◆ **PROBLEM TO WORK ON**
Copy the listing in full and exactly, omitting its images.

==================================================

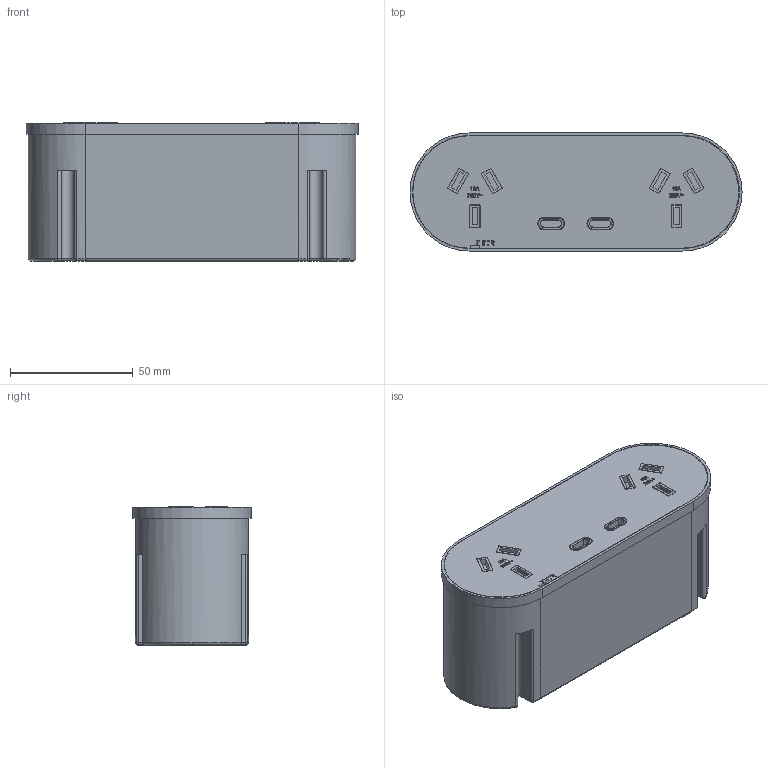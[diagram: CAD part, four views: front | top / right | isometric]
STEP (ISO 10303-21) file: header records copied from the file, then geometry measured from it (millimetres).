
FILE_DESCRIPTION (( 'STEP AP214' ), '1' );
FILE_NAME ('BIM 13-O-USBC.STEP', '2025-09-05T03:55:29', ( '' ), ( '' ), 'SwSTEP 2.0', 'SolidWorks 2025', '' );
FILE_SCHEMA (( 'AUTOMOTIVE_DESIGN' ));
Length unit declared in the file: millimetre
Products named in the file (1): BIM 13-O-USBC
Bounding box: 135 x 48 x 56.15 mm (x, y, z)
Volume: 182361.9 mm3; surface area: 72578.7 mm2
Topology: 2 solids, 2 shells, 681 faces, 1740 edges, 1118 vertices
Faces by surface type: plane 347, cylinder 120, bspline 110, torus 46, cone 41, sphere 17
Entity records: 25504 total; most frequent: CARTESIAN_POINT 9645, ORIENTED_EDGE 3476, DIRECTION 2958, EDGE_CURVE 1738, VERTEX_POINT 1117, AXIS2_PLACEMENT_3D 994, VECTOR 970, LINE 970

==================================================

◆ **RESPONSE BOX**
[diagram: CAD part, four views: front | top / right | isometric]
STEP (ISO 10303-21) file: header records copied from the file, then geometry measured from it (millimetres).
FILE_DESCRIPTION (( 'STEP AP214' ), '1' );
FILE_NAME ('BIM 13-O-USBC.STEP', '2025-09-05T03:55:29', ( '' ), ( '' ), 'SwSTEP 2.0', 'SolidWorks 2025', '' );
FILE_SCHEMA (( 'AUTOMOTIVE_DESIGN' ));
Length unit declared in the file: millimetre
Products named in the file (1): BIM 13-O-USBC
Bounding box: 135 x 48 x 56.15 mm (x, y, z)
Volume: 182361.9 mm3; surface area: 72578.7 mm2
Topology: 2 solids, 2 shells, 681 faces, 1740 edges, 1118 vertices
Faces by surface type: plane 347, cylinder 120, bspline 110, torus 46, cone 41, sphere 17
Entity records: 25504 total; most frequent: CARTESIAN_POINT 9645, ORIENTED_EDGE 3476, DIRECTION 2958, EDGE_CURVE 1738, VERTEX_POINT 1117, AXIS2_PLACEMENT_3D 994, VECTOR 970, LINE 970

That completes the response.